There’s still nothing quite like the right’s Obama-phobia. So while a surprising number of Republicans may be sitting on their hands now, here’s guessing they won’t be in November.
Rick Santorum’s odd “badge of honor”
Don’t look now, but he could have a very big night tonight – and the Romney campaign is spooked
Rick Santorum (Credit: AP/Ed Andrieski)
February is supposed to be Mitt Romney’s month, but there’s a real chance that tonight will belong to Rick Santorum. Three states are holding nominating contests, and Santorum is well-positioned to win two of them — with an outside chance of posting a clean sweep.
Polling from PPP released late last night gives the former Pennsylvania senator a 45 to 32 percent lead over Romney in Missouri, which is conducting a non-binding primary. Newt Gingrich failed to qualify for the ballot in the state, and Ron Paul is running a distant third with 19 percent. Santorum is also ahead in the caucus state of Minnesota, where PPP shows him 9 points up on Romney, 33 to 24 percent, and just 10 points (37 -27 percent) behind the former Massachusetts governor in Colorado. Gingrich is running in third in both of those states.
Perhaps the most significant finding is that Santorum, who has mostly stayed in the background as Romney and Gingrich have traded vicious insults, enjoys favorable ratings of over 70 percent among Republicans in all three states — significantly higher than the scores for Romney and Gingrich. And Minnesota and Colorado are both particularly conducive to his emphasis on social and cultural issues, with activist-oriented caucus electorates in which the sorts of Christian conservatives who propelled him to his Iowa victory holding disproportionate sway.

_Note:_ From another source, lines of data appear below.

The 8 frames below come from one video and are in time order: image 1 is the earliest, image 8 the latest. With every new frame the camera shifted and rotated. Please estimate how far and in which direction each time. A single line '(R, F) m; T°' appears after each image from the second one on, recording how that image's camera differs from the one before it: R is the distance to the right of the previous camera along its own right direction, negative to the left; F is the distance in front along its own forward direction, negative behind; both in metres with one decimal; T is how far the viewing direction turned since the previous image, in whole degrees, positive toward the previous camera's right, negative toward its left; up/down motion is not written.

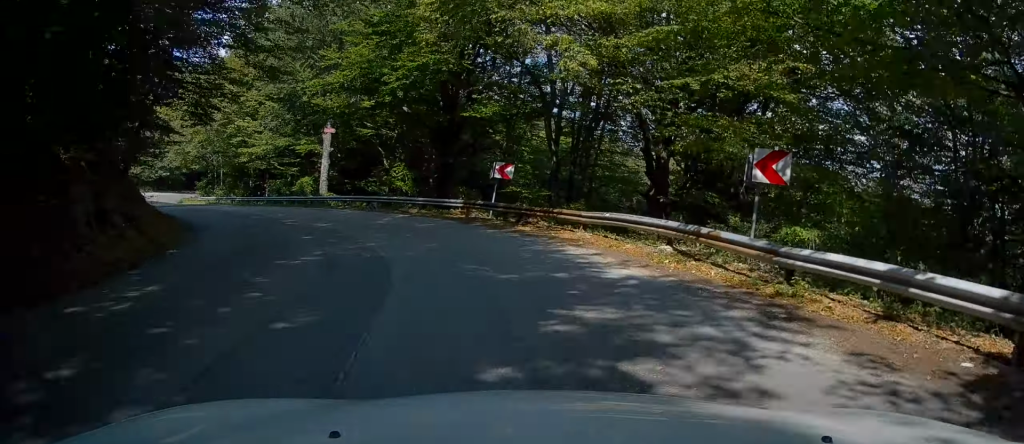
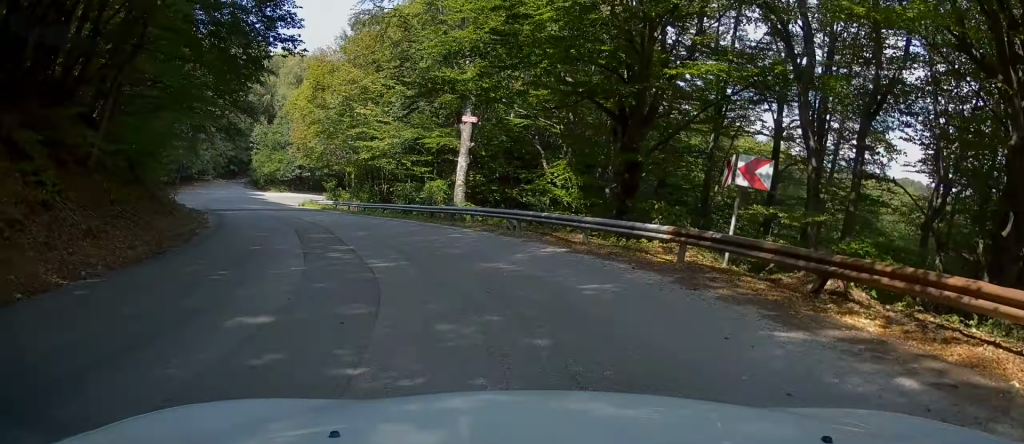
(-0.9, +11.3) m; -11°
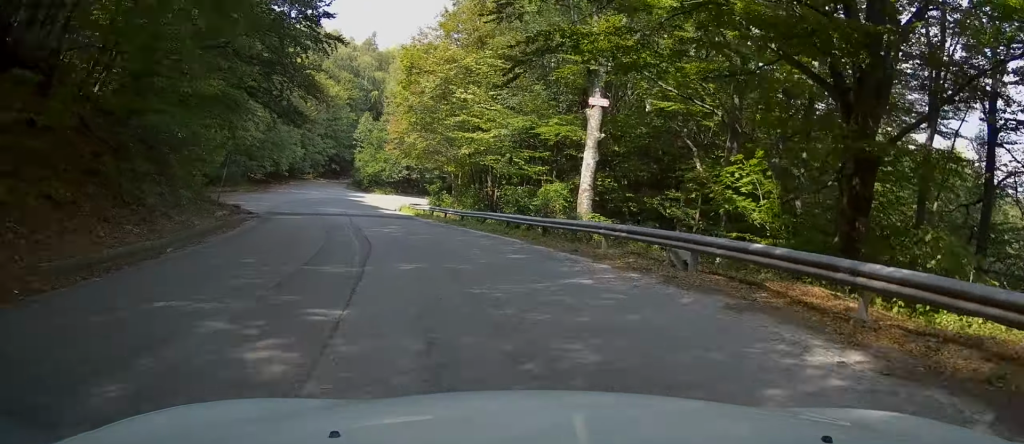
(-0.3, +8.1) m; -9°
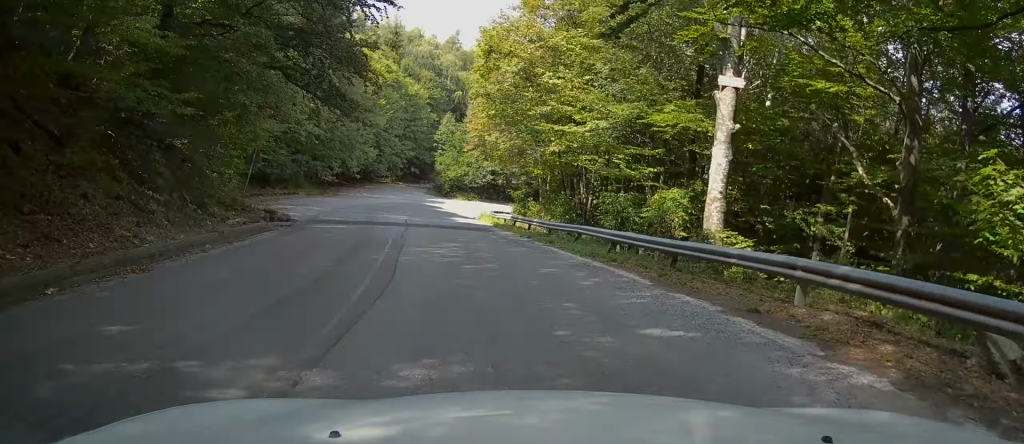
(-0.8, +6.8) m; -7°
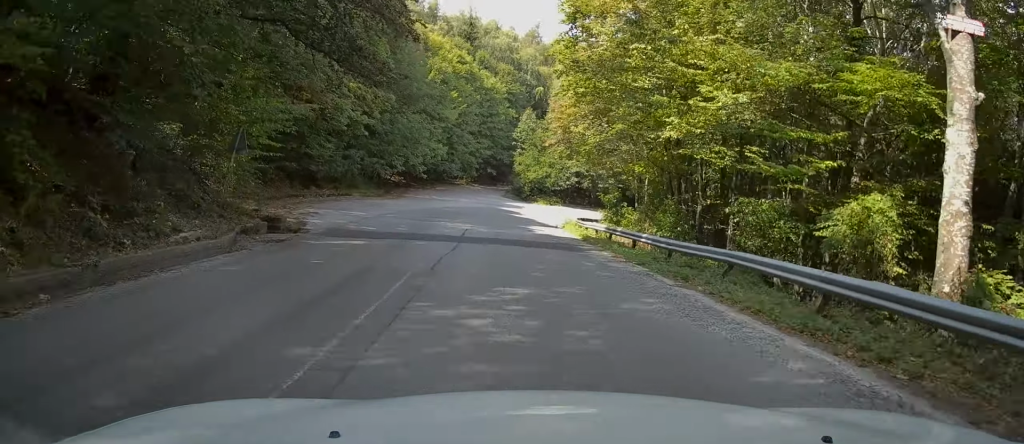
(-0.5, +8.4) m; -7°
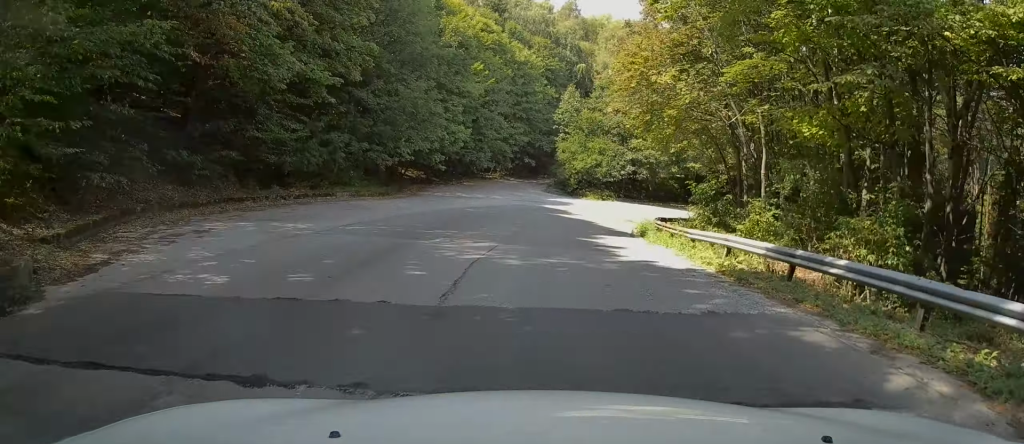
(-1.2, +14.6) m; -6°
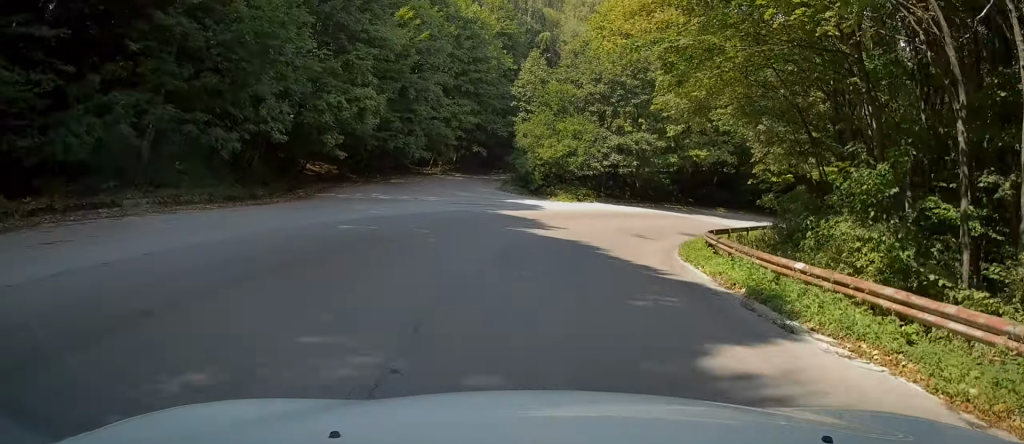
(-0.2, +17.1) m; +2°
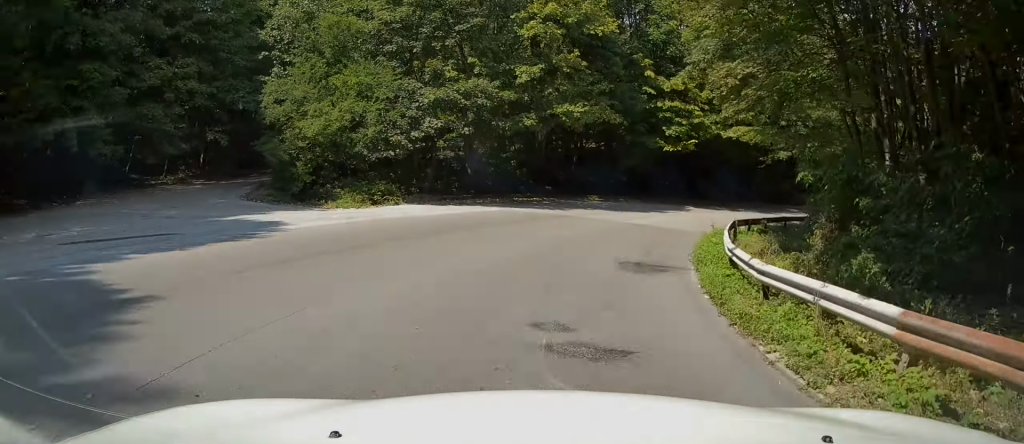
(+1.2, +18.7) m; +11°

It’s true that no convention delegates will be directly awarded through today’s contests, but there’s a clear opportunity for Santorum here. Look at it this way: In late December and early January, Gingrich’s numbers crashed and Santorum surged to his unlikely Iowa win*, setting up what briefly seemed like a two-man race between Romney and Santorum. But Santorum lost his momentum in New Hampshire, allowing Gingrich to get back in the game in South Carolina, where he was boosted by some serious super PAC assistance and the lack of attacks from Romney and the GOP establishment. But just about nothing has gone right since then for Gingrich, who seems decreasingly relevant by the day.
So the timing of today’s contests is fortuitous for Santorum. If he can post a series of breakthrough showings, it could help him supplant Gingrich as Romney’s chief rival. There’s still a theoretical opening for a conservative alternative to Romney to do some real damage in early March. With some wins today, it could be Santorum — and not Gingrich — who gets to play that role.
The Romney campaign clearly recognizes this potential. As soon as the South Carolina primary was over, they launched a relentless assault on Gingrich, determined to bury him once and for all, while leaving Santorum alone. But yesterday, they started attacking Santorum too, leading one of Santorum’s strategists to declare, “It’s a badge of honor that Romney has decided to try to destroy us.” He’s right, of course. It’s a sign of progress for Santorum that he’s again relevant enough to force the front-runner to issue nasty press releases. But if Santorum wins big tonight, the abuse will get a lot worse. Which means he should probably enjoy those 70 percent favorable ratings while they last.